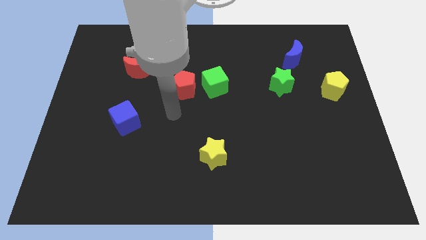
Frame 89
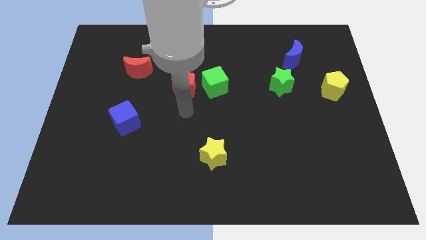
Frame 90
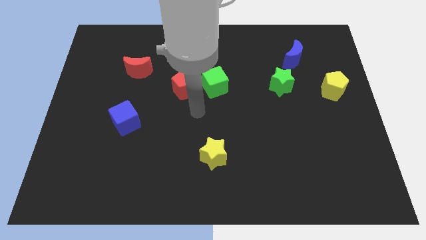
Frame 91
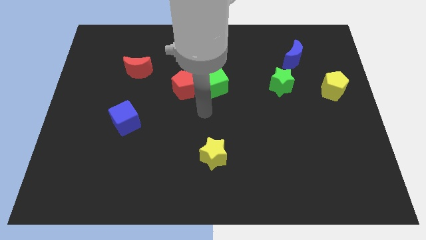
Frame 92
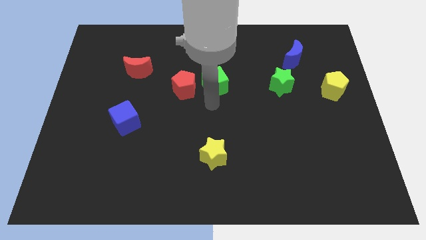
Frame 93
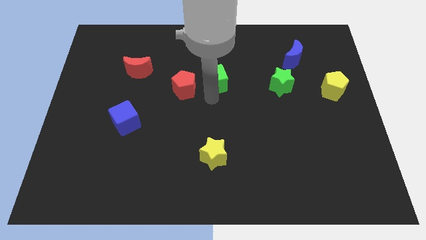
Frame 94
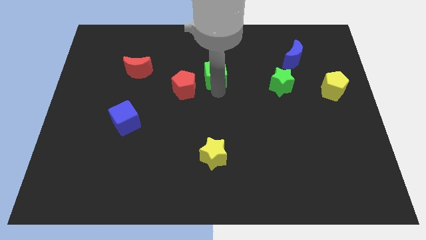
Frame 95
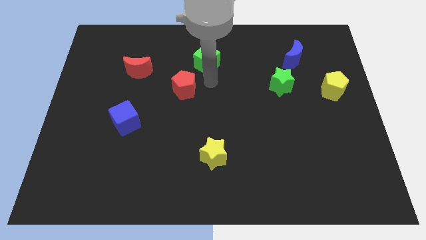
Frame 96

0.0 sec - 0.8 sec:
pull the red pentagon apart from the green cube

==============================

** PROBLEM DETAILS **
Leave the images out and give the rest of the data again exactly.

** SOLUTION BELOW **
Frame 89
Frame 90
Frame 91
Frame 92
Frame 93
Frame 94
Frame 95
Frame 96

0.0 sec - 0.8 sec:
pull the red pentagon apart from the green cube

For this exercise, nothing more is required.